Avrupa
Bulgaristan yapay zeka yatırımları için Ukrayna’nın nükleer teklifini reddetti

Bulgaristan’daki iktidar koalisyonu, iki Rus nükleer reaktörünün Ukrayna’ya satışını engelledi ve bunun yerine bölgenin devasa yapay zeka ve veri merkezleri inşa etmek için Silikon Vadisi parasını çekeceğini umuyor.
Söz konusu reaktörler 2016 yılında Rusya’nın Atomstroyexport şirketinden 601 milyon avro karşılığında satın alınan VVER-1000 üniteleri.
Bulgaristan’ın uzun süredir terk edilmiş olan Belene nükleer enerji santrali için tasarlanmışlardı; Tuna Nehri yakınlarında onlarca yıllık bir proje olan ve 1 milyar avronun üzerinde kamu fonuna mal olan fakat nihayetinde mali, siyasi ve jeopolitik kaygılar nedeniyle rafa kaldırılan bir proje.
Ne var ki 2023’te kararlaştırıldığı gibi ekipmanı Ukrayna’ya satmak yerine, Sofya yurt içinde yeni bir fırsat görüyor.
Bulgaristan’ın AB yanlısı koalisyonunun önemli isimlerinden merkez sağ GERB partisi lideri Boyko Borissov çarşamba günü yaptığı açıklamada, “en büyük üç küresel yatırım fonunun” reaktörlerin bulunduğu alanı büyük ölçekli yapay zeka ve veri merkezleri için kullanmak istediklerini ifade ettiklerini söyledi.
Borissov’a göre, bu fonların temsilcileri Bulgaristan’dan reaktörleri Ukrayna’ya satma kararını ertelemesini istediler çünkü ABD Başkanı Donald Trump ile olası yatırımlar konusunda daha fazla görüşmek için zamana ihtiyaçları vardı.
Borissov, “En iyi altyapıya, en iyi elektrik şebekesine ve kalifiye işgücüne sahibiz. Halihazırda geliştirilmekte olan bir nükleer sahamız var,” dedi.
Fakat uzmanlar, özellikle AB’nin mevcut yaptırımları göz önüne alındığında, Bulgaristan’ın Rus ekipmanı kullanarak bağımsız olarak yeni nükleer kapasite geliştirme araçlarından yoksun olduğunu belirtiyor.
Tek olası çözüm, Rusya’nın Rosatom’u ile ortak bir girişim yürüten Fransız Framatome olabilir.
Borissov reaktörleri Ukrayna’ya satmak yerine ülkesinin mevcut nükleer altyapısını ve istikrarlı elektrik şebekesini kullanarak ABD’li büyük teknoloji firmalarından yatırım çekmek istiyor.

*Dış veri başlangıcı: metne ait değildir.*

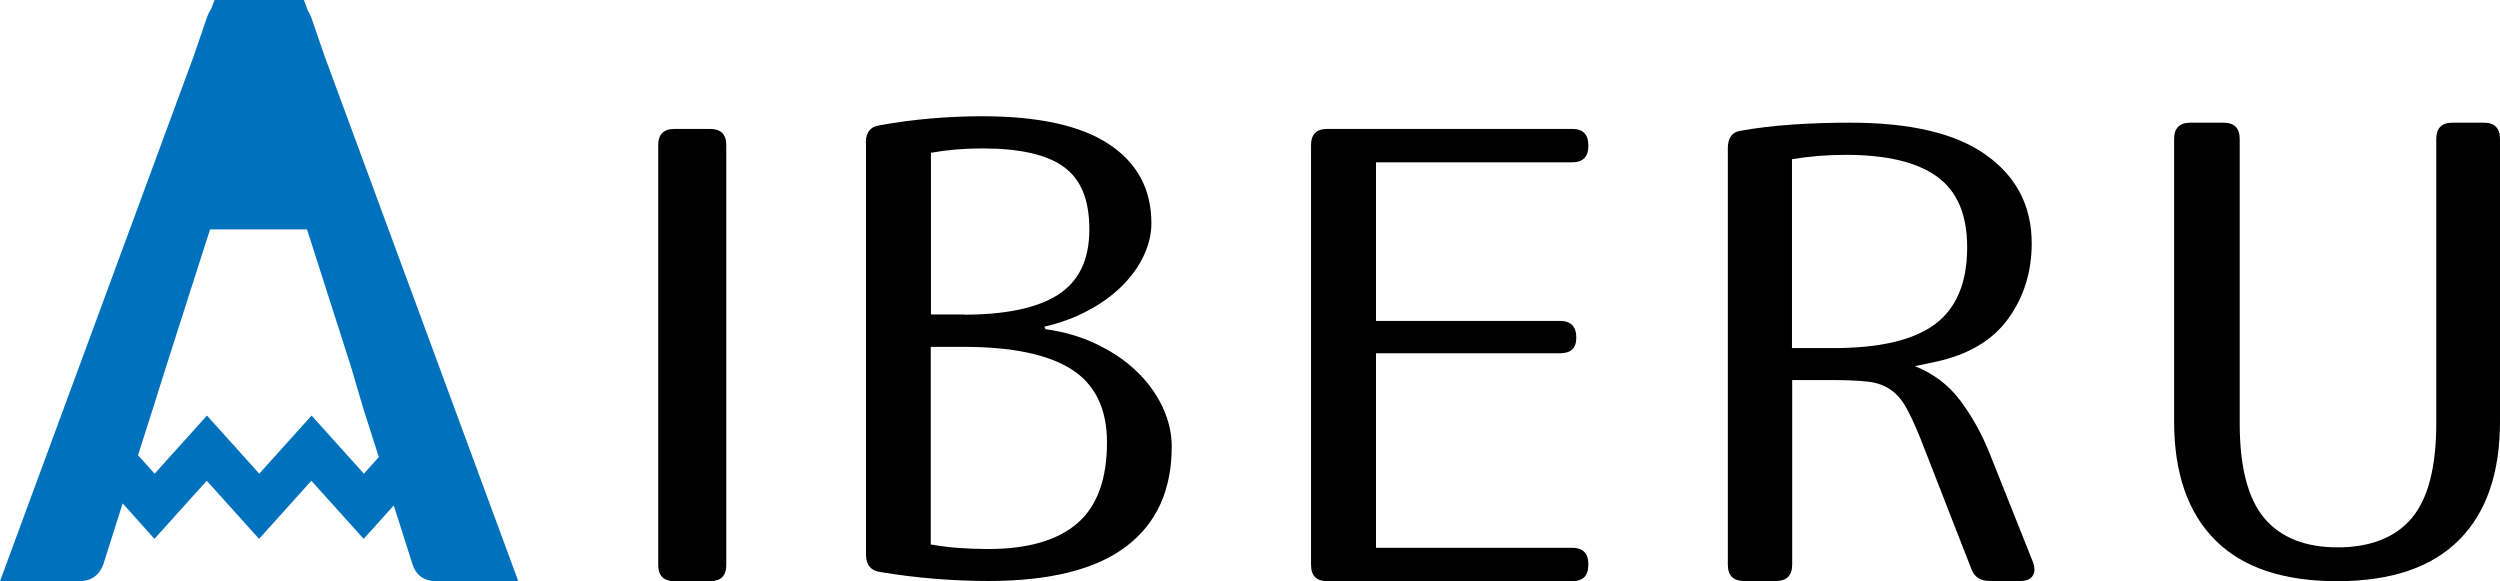 <?xml version="1.0" encoding="UTF-8"?><svg id="_レイヤー_2" xmlns="http://www.w3.org/2000/svg" viewBox="0 0 120.44 28"><g id="_レイヤー_3"><path d="M34.99,7v20.21c0,.53-.26.79-.79.79h-1.7c-.53,0-.79-.26-.79-.79V7c0-.53.26-.79.79-.79h1.7c.53,0,.79.26.79.79Z"/><path d="M41.71,6.88c0-.51.23-.79.7-.85.79-.14,1.59-.25,2.41-.32s1.64-.11,2.48-.11c2.73,0,4.78.45,6.13,1.35,1.36.9,2.04,2.17,2.04,3.81,0,.53-.13,1.05-.38,1.58-.25.53-.61,1.01-1.06,1.46-.46.45-1,.84-1.63,1.17-.63.34-1.33.59-2.09.77l.06.12c.89.12,1.71.36,2.46.72s1.39.79,1.93,1.31c.54.52.95,1.09,1.25,1.72.29.63.44,1.26.44,1.89,0,2.11-.73,3.72-2.2,4.83-1.47,1.11-3.68,1.66-6.64,1.66-.87,0-1.74-.04-2.61-.11-.87-.07-1.73-.18-2.58-.32-.47-.06-.7-.35-.7-.85V6.88ZM46.42,15.16c2.03,0,3.55-.32,4.55-.96,1-.64,1.51-1.68,1.51-3.14s-.41-2.42-1.23-3.02-2.14-.89-3.94-.89c-.87,0-1.69.07-2.46.21v7.79h1.58ZM44.84,26.23c.47.08.92.14,1.37.17.44.03.91.05,1.39.05,1.9,0,3.33-.41,4.29-1.23.96-.82,1.44-2.13,1.44-3.91,0-1.62-.57-2.79-1.71-3.52-1.14-.72-2.88-1.08-5.2-1.08h-1.58v9.53Z"/><path d="M76.52,7v.03c0,.53-.26.79-.79.79h-9.44v7.64h8.86c.53,0,.79.27.79.81,0,.5-.26.75-.79.75h-8.86v9.37h9.44c.53,0,.79.26.79.79v.03c0,.53-.26.79-.79.79h-11.78c-.53,0-.79-.26-.79-.79V7c0-.53.26-.79.79-.79h11.78c.53,0,.79.26.79.79Z"/><path d="M83.24,7.15c0-.51.2-.79.61-.85.79-.14,1.63-.24,2.51-.3s1.81-.09,2.78-.09c2.92,0,5.11.52,6.56,1.57,1.45,1.04,2.18,2.46,2.18,4.24,0,1.38-.38,2.59-1.13,3.63-.75,1.04-1.92,1.74-3.5,2.08l-1,.21c.89.35,1.62.9,2.19,1.66.57.76,1.03,1.6,1.4,2.51l2.1,5.27c.1.28.1.51-.02.67-.11.16-.31.24-.59.24h-1.46c-.47,0-.77-.2-.91-.61l-2.22-5.69c-.3-.79-.57-1.42-.81-1.87-.23-.46-.5-.8-.81-1.02s-.67-.36-1.1-.41c-.43-.05-1-.08-1.7-.08h-1.98v8.89c0,.53-.26.79-.79.79h-1.52c-.53,0-.79-.26-.79-.79V7.15ZM88.32,16.77c2.23,0,3.86-.38,4.9-1.15,1.03-.77,1.55-2,1.55-3.7,0-1.58-.48-2.71-1.45-3.41-.96-.7-2.43-1.05-4.4-1.05-.89,0-1.76.07-2.59.21v9.1h1.98Z"/><path d="M120.44,6.7v13.6c0,2.5-.66,4.4-1.98,5.72s-3.28,1.98-5.87,1.98-4.56-.66-5.87-1.98c-1.32-1.32-1.98-3.23-1.98-5.72V6.7c0-.53.26-.79.79-.79h1.58c.53,0,.79.26.79.79v13.7c0,2.11.4,3.63,1.19,4.57.79.93,1.97,1.4,3.53,1.4s2.77-.47,3.56-1.4c.79-.93,1.19-2.46,1.19-4.57V6.7c0-.53.26-.79.79-.79h1.49c.53,0,.79.26.79.79Z"/><path d="M15.64,2.71l-.65-1.89c-.05-.12-.11-.23-.17-.33l-.18-.5h-4.3l-.17.45c-.08.11-.14.23-.19.37l-.64,1.87L0,28h3.81c.57,0,.97-.27,1.17-.82l.93-2.93,1.53,1.71,2.52-2.8,2.52,2.8,2.52-2.8,2.52,2.8,1.45-1.61.9,2.83c.18.55.57.82,1.17.82h3.93L15.64,2.71ZM17.53,22.82l-2.52-2.8-2.52,2.8-2.52-2.8-2.52,2.8-.8-.89.72-2.26.63-2,2.12-6.62h4.67l2.12,6.62.59,2,.75,2.35-.71.79Z" fill="#0071bc"/></g></svg>

“Bekleyelim. Reaktörleri önümüzdeki ay ya da beş ay içinde satma seçeneğimiz var,” diyen Borissov, üst düzey görüşmelere zaman tanımak için satışı durdurma fikrini ortaya attı.
Bu arada, Trump, Elon Musk, Microsoft, Bill Gates ile konuşmak istediğini söyledi ve “dünyanın en güçlü yapay zeka altyapısının burada olmasına karşı çıkacak tek bir Bulgar olduğuna inanmadığını” ekledi.
Borissov, sembolizmin, Silikon Vadisi’nin büyük oyuncularına cazip geleceğini, kullanılmayan Rus reaktörlerinin ise Rusya yanlısı ve Batı yanlısı gruplar arasında siyasi olmayan bir pazarlık kozu olarak hizmet edeceğini umuyor.
Bulgar Sosyalist Partisi’nin (BSP) lideri Başbakan Yardımcısı Atanas Zafirov’un konuşmasından bir gün önce reaktörlerin Ukrayna’ya satışının gündemden düştüğünü açıklaması, kararın lojistik değil siyasi olduğu yönündeki şüpheleri güçlendirdi.
Duyuru yurtiçinde siyasi tepkilere, yurtdışında ise kafa karışıklığına yol açtı.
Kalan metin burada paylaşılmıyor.